Paylaş
Edebiyat meraklılarının, özellikle şiir severlerin gözünden kaçmamıştır. Son haftalarda dünya basını, Ted Hughes ile Slvia Plath'ın evlilik ilişkisini gündeme getirdi.
İngilterenin ünlü şairi Hughes yaşıyor, eşi Plath intihar etmişti.
İntiharın gölgesi bir türlü şairin üzerinden kalkmıyor, Plath hayranları onu suçluyor, lanetliyor.

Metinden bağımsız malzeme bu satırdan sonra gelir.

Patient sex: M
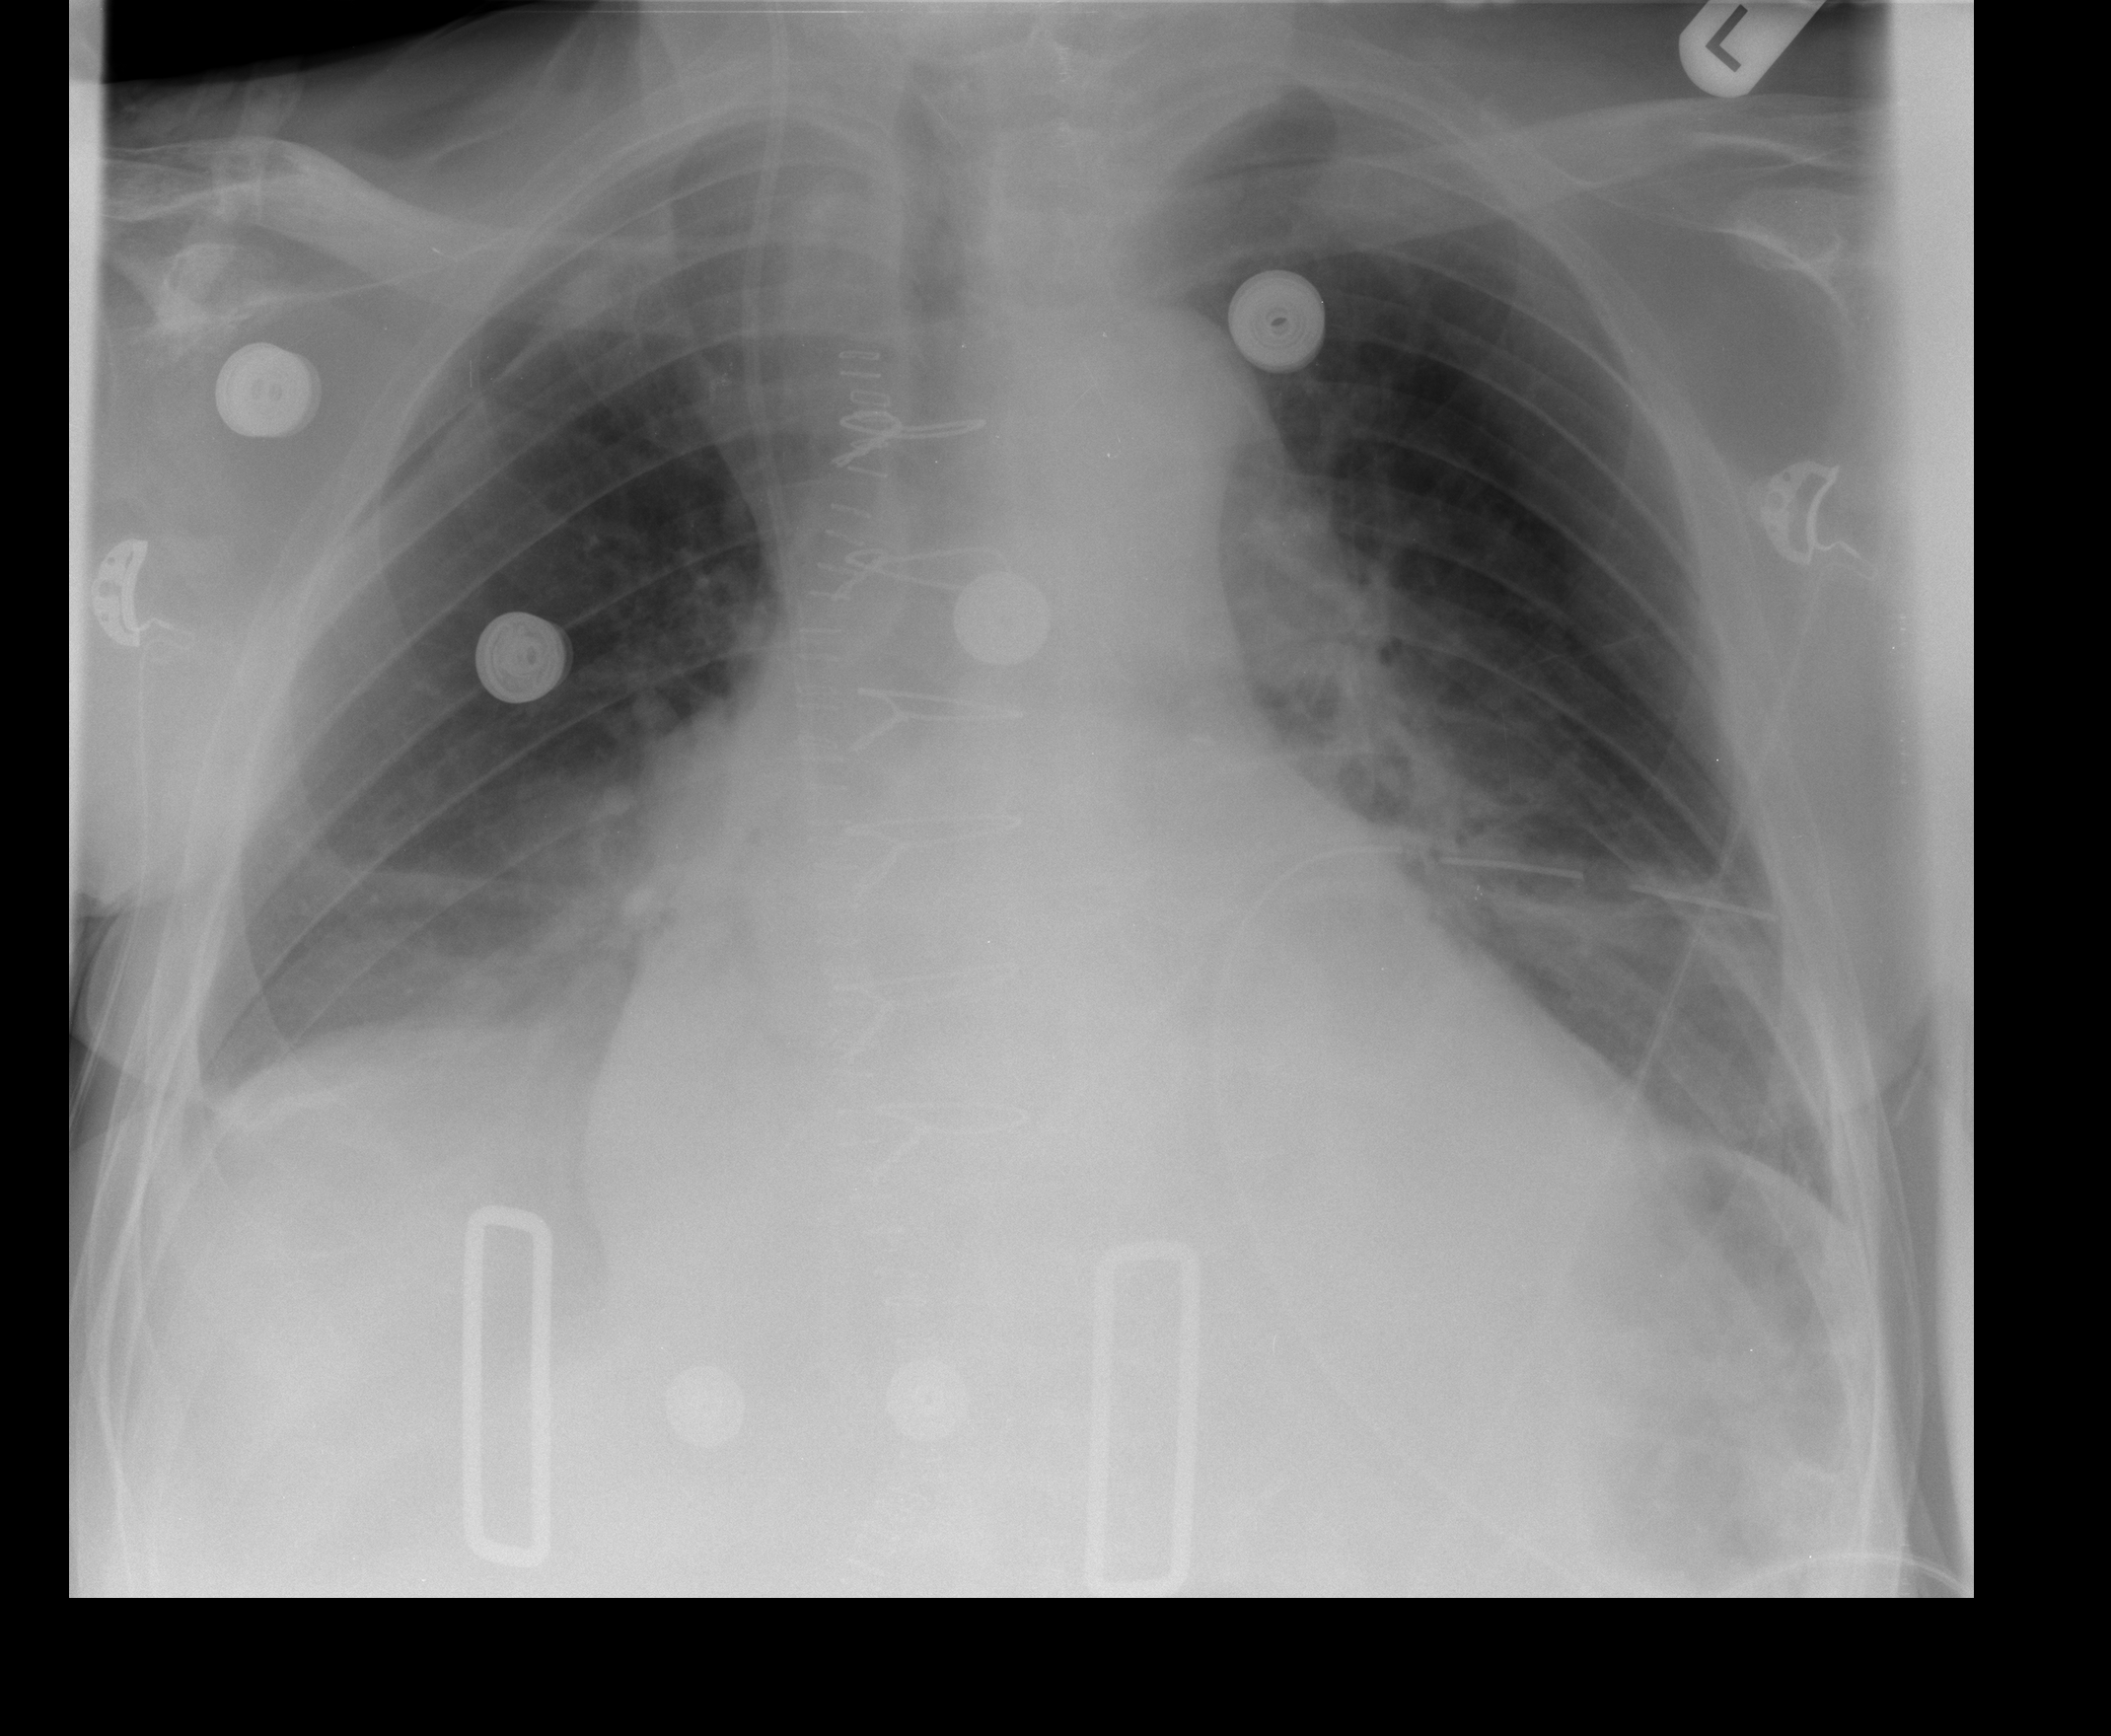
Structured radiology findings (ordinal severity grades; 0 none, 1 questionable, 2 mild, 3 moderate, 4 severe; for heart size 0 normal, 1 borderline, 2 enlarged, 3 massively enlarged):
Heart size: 0
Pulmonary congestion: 0
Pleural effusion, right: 0
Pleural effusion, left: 0
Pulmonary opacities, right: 0
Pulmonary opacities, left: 0
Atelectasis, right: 1
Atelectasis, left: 2

Elbette insanların zulmüne karşıyım, şairlerinkine de aynı tepkiyi gösterebilir miyim? Şiire olan sevgim, burada beni çifte standart açmazlarına sürüklüyor. Şairleri aklamak için abes gerekçeler üretiyorum. Ne yapsınlar, diyorum, şiirin zalimliği şaire sirayet ediyor.
Bir başka ünlü şair T.S. Eliot'un hayatını sinemada seyrederken, onun da eşine karşı ilgisizliğini, zulüm denilebilecek davranışlarını gördüğümde, hayatını bildiğim halde, ne yapacağıma karar veremedim. İnsan olarak onu acımasızca yargılasam da, şair olarak böyle davranışını kınayamadım.

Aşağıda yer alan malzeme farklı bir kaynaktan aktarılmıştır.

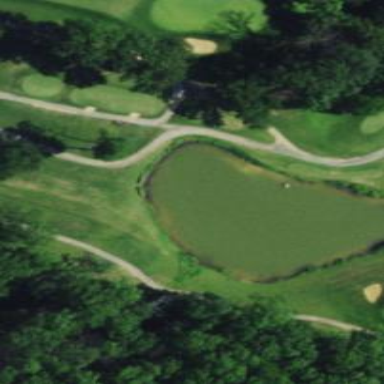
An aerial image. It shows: Water hazard on golf course. The hazard is natural water feature.
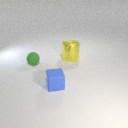
large yellow metal cylinder behind small green rubber sphere
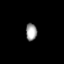
Tissue: lung
Cell type: Epithelial cells
Senescence score: 0.2412
Nuclear area (px): 187
Mean DAPI intensity: 157.396
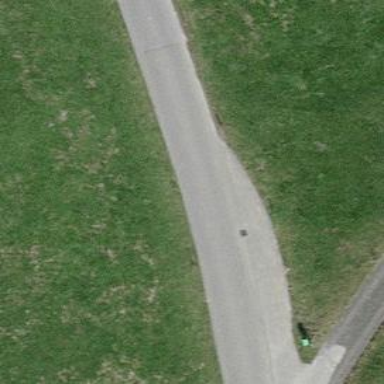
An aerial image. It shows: Residential road.
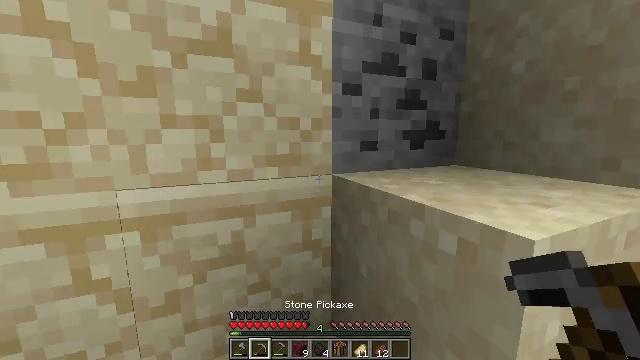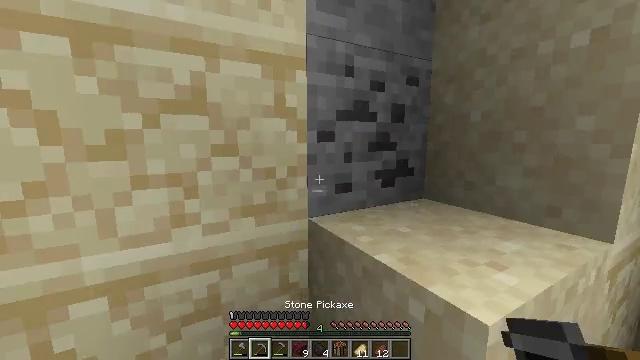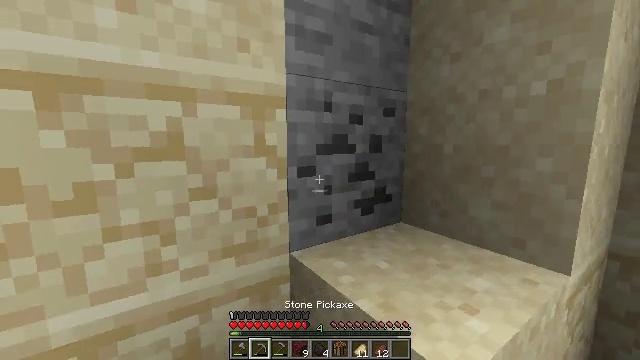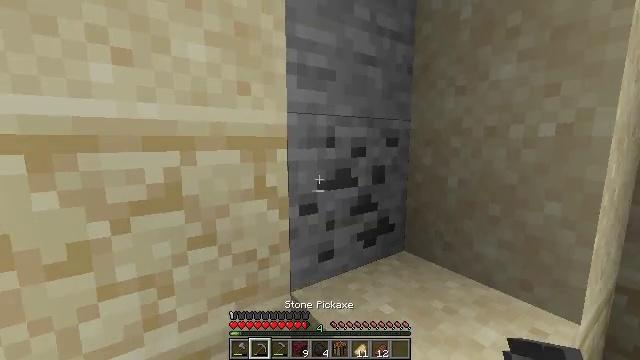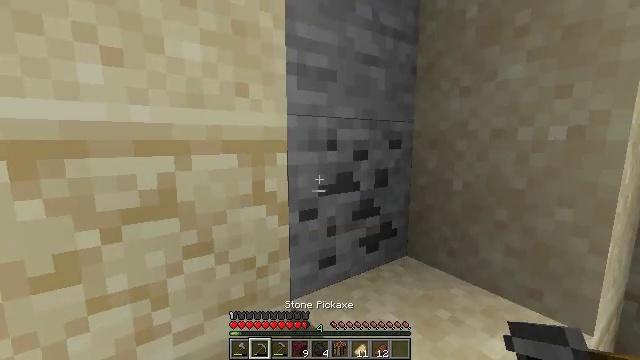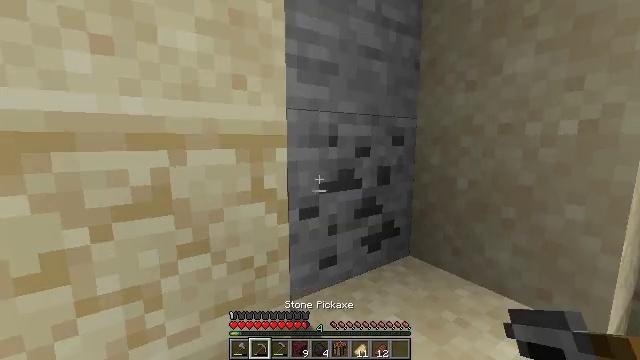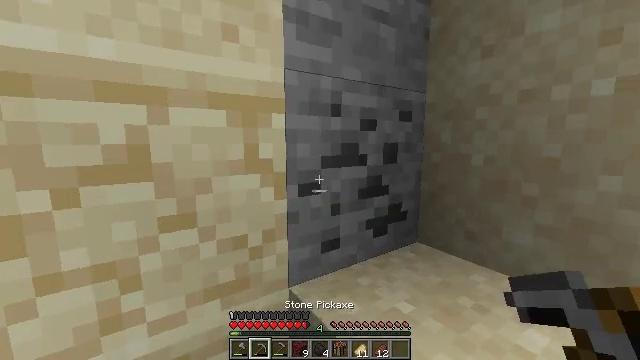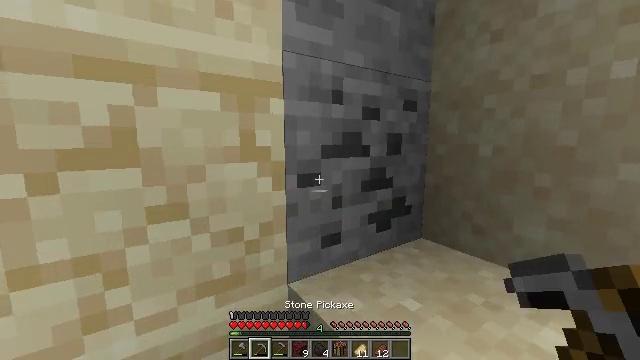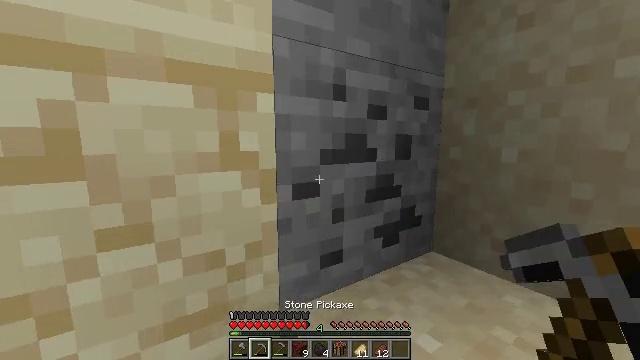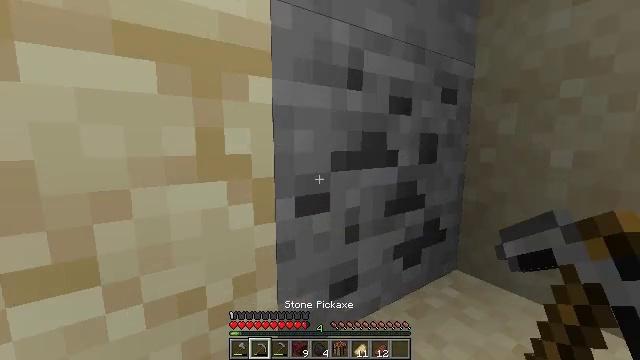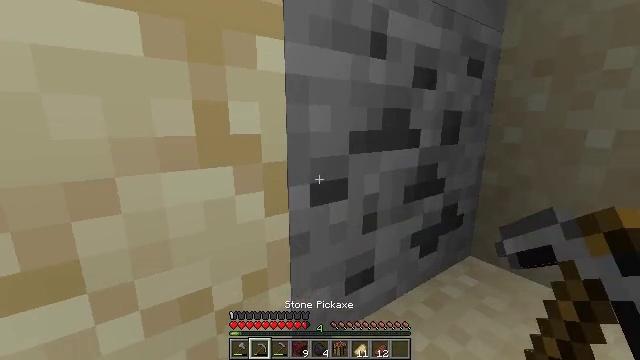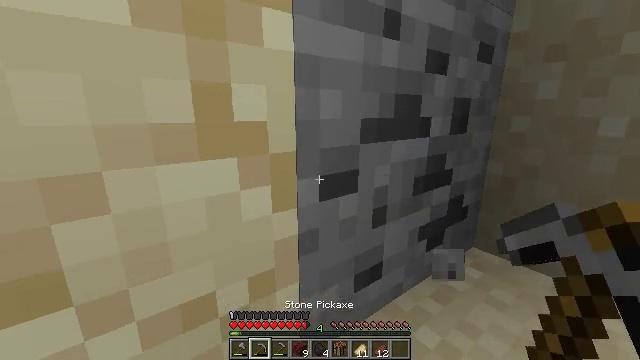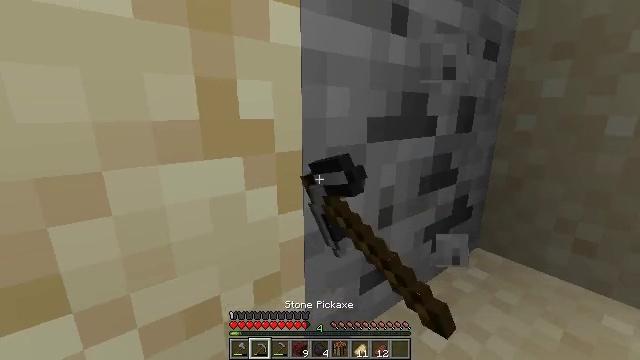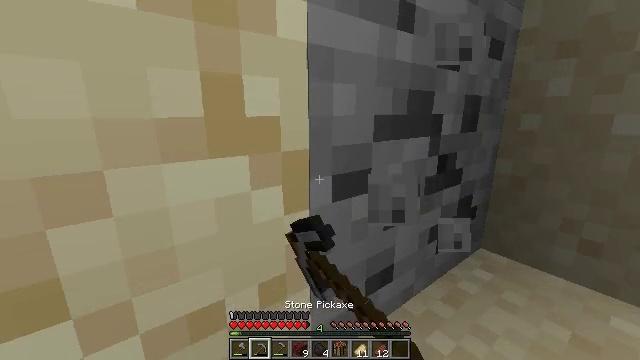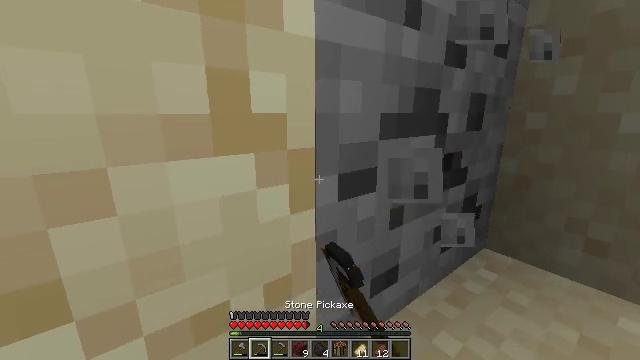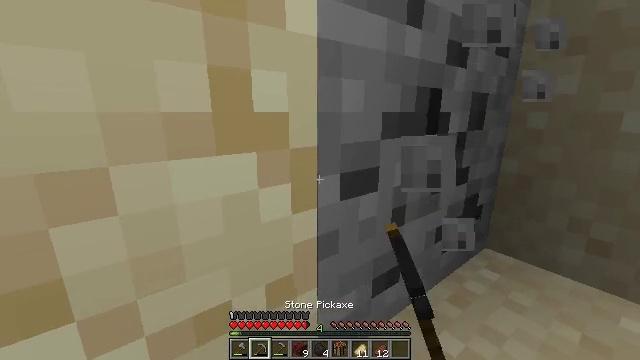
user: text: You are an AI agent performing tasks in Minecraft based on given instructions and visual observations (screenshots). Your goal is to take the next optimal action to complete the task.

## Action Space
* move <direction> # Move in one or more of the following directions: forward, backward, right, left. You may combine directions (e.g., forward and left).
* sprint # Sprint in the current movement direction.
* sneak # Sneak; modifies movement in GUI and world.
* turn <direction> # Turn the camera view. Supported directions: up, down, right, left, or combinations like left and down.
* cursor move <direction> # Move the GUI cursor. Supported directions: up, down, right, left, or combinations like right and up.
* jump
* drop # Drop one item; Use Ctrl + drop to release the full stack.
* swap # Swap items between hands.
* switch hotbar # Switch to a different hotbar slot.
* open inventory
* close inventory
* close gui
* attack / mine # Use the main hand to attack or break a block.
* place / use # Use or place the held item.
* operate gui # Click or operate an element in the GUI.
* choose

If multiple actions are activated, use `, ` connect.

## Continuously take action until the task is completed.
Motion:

Çünkü şairler benim korumam altındadırlar. Ayrıcalıklarına herkesin saygı göstermesini isterim.
Eserleriyle hayatları arasına demir perde mi çeksem. Metinlerin egemenliğine teslim olup, kötü insanmış, deyip kestirip atsam mı...

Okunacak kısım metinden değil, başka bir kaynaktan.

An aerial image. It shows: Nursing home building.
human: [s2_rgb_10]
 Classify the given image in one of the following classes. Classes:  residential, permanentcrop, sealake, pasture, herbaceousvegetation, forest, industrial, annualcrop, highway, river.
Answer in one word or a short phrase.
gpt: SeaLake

Yoksa ikisini harmanlayıp, nefretle sevgi arasındaki gelgitlere kendimi bırakıp, şair insan diye yeni bir tür mü yaratsam. En azından imaj evimde.
***
İNSAN, kendini mesleğine, işine, hele şiire adayınca, dünyayı onun merceğinden görmeğe başlıyor. Başarı, tutku çizginiz tek hatsa, diğer hat/takiler dumura uğrayan bir beyin hücresine dönüşür. Hangi şair, şiirinden fazla bir neseneye, sevgiliye özen gösterir. Yazdıklarında evet, yaşadıklarında hayır.
Zulüm babında söz etmiyorum ama şiire adanan ömürlerin Türkiye'deki çizelgesini de şöyle bir gözden geçiriyorum.
Behçet Necatigil için her şey şiirinden sonra gelirdi. Şiirine dokunanı yakardı. Yazları, kışlık evde ailesinden uzakta şiir yazardı. Belki de iyi bir aile babası, Necatigil'i şiiri ailesine tercih ettiği için suçlayabilir. Oysa o güzel şiirler nasıl yazılabilirdi?
Ahmet Muhip Dıranas da ‘‘Ben şiire her şeyi feda ettim’’ demişti bir konuşmasında.
Nâzım Hikmet'in eşlerine ihanetini okudunuz. Sadık bir eş değildi sözü, onun için bir anlam ifade etmez ki...
Özdemir Asaf, evinden ekmek almak için çıkıp, eşi ve çocukları sofrada beklerken, kendini Mamaris'te bulmuştu. Vay zalim baba sözünü, bunca iyi şiiri yazmış biri hak eder mi?
Cemal Süreya'nın sevgili ve eş katalogu belki Mozart'ın Don Giovanni'si ile mukayese edilebilir. Her akşam iş saatinden sonra evinde pantuflalarını giyen bir şairi pek hatırlamıyorum.
Galiba, iyi eşler tarihi ile edebiyat tarihini karıştırmamak gerekir.
***
ŞİİRİN esin perisi çok kıskançtır, başkasına aman vermez.
Bu yüzden de iyi şairler, hafif derecede zalim olabilirler.